WAPT Pro 5.0: Small features making big difference

We released the latest versions of our load testing tools few months ago. All users who have had an opportunity to update their product installations already know that two major features in that release were the support of HTTP/2 protocol and the ability to execute concurrent requests in each user session. In fact, each of those features is a complement to the other one, because the development of HTTP/2 was inspired by the idea of concurrency in the first place.

Yet, it is true that not every web application has switched to the new version of the protocol by now. So, what if your test project does not require any of these major features? Will you get any benefits after upgrading to WAPT Pro 5.0 from the previous version of the tool? Yes, you definitely will, and I am going to show you why. I will briefly list some new features that I find most useful in the latest version of WAPT. However small each of them may seem by itself, together they make the new version of the product more user-friendly and easier to use, which means faster test creation and more accurate results.

Multiple encoding schemes

Let’s start with the most long-awaited one. As you know, when special characters appear as a part of an URL or inside the parameters of HTTP requests, they must be encoded, i.e. replaced with the “%”-codes. Unfortunately, different servers apply slightly different encoding rules. For example, in some cases the “@” character is encoded, but sometimes it is passed as is.

That was a big problem with all previous WAPT versions, because they applied only most common encoding scheme. Wherever a different rule was used, WAPT treated that as a non-standard encoding and did not decode such values leaving them in the poorly readable encoded form. It could not apply automatic parameterization to such values too.

Now you have a choice of encoding schemes for each parameter, and best of all, the right option (or the most relevant one) is selected automatically on recording.
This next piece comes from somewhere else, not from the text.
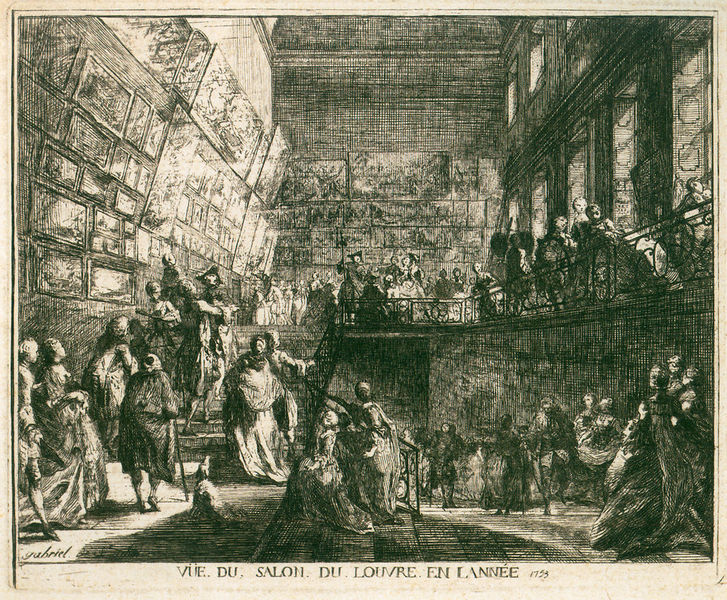
Titel: Ansicht des Salon im Louvre im Jahr 1753
Künstler: Gabriel Saint-Aubin
Institution: Washington, National Gallery of Art
Schlagwörter: dunkel, schatten, frauen, menschen, fenster, licht, männer, schwarz, weiss, brüstung, decke, personen, theater, bilder, figuren, treppe, geländer, stufen, galerie, radierung, verletzt, ausstellung, louvre

Page resources as sub-requests

What was regarded as “page elements” in the old version is now renamed to “page resources”. They are shown as sub-requests in the left view and each of them has almost all properties of a regular request. This makes them easier to parameterize.

Besides that you can now clearly see which page requests have additional resource requests associated with them and which do not.

Status bar information

If you select a profile or a number of requests inside it, you can now get cumulative information on the selection in the status bar. This way you can assess which part of the profile is lighter or heavier in terms of response size, number of variables or time it takes to execute.

POST requests with green icon

Usually only a small number of requests in a profile use POST method, yet those ones are most important, because they actually post data to the server in order to perform a transaction. Now they are not lost among other numerous routine requests and can be easily spotted by the green icon.

JavaScript test button

The easiest way to insert a JavaScript code in a profile has always been the JavaScript operator. However to check the result of the code execution one would need to verify the whole profile and review the log. That turned the code debugging into a nightmare. With one elegant change we have just fixed that by upgrading the functionality of the “Test” button located next to the code view. Now it does not only perform syntax check, but actually executes the code taking the original server responses and variable values for the context.

This is now similar to the work of that button in the function specification dialogs.

Variable calculation on each redirect

Redirects are processed by WAPT automatically and you very rarely need to intervene in that process. This is only required when you need to get a value that is only available in the intermedium server response. This may be an ID passed as a part of the “location” header identifying the new URL to follow. In the old versions the only choice to handle that was the option not to follow redirects. The use of that option, in turn, required you to add the redirected request manually and parameterize it.

Now you can extract data from intermediate responses the same way you do this with the final one, i.e. with help of functions accessing the response body and headers. This is because all variables defined on the “Response processing” page are now calculated and reassigned on each redirect. In most cases this results in final values being extracted from the latest final response, however if you look for a value that can only be extracted from an earlier response, you can also choose not to reassign it in case the function returns an error.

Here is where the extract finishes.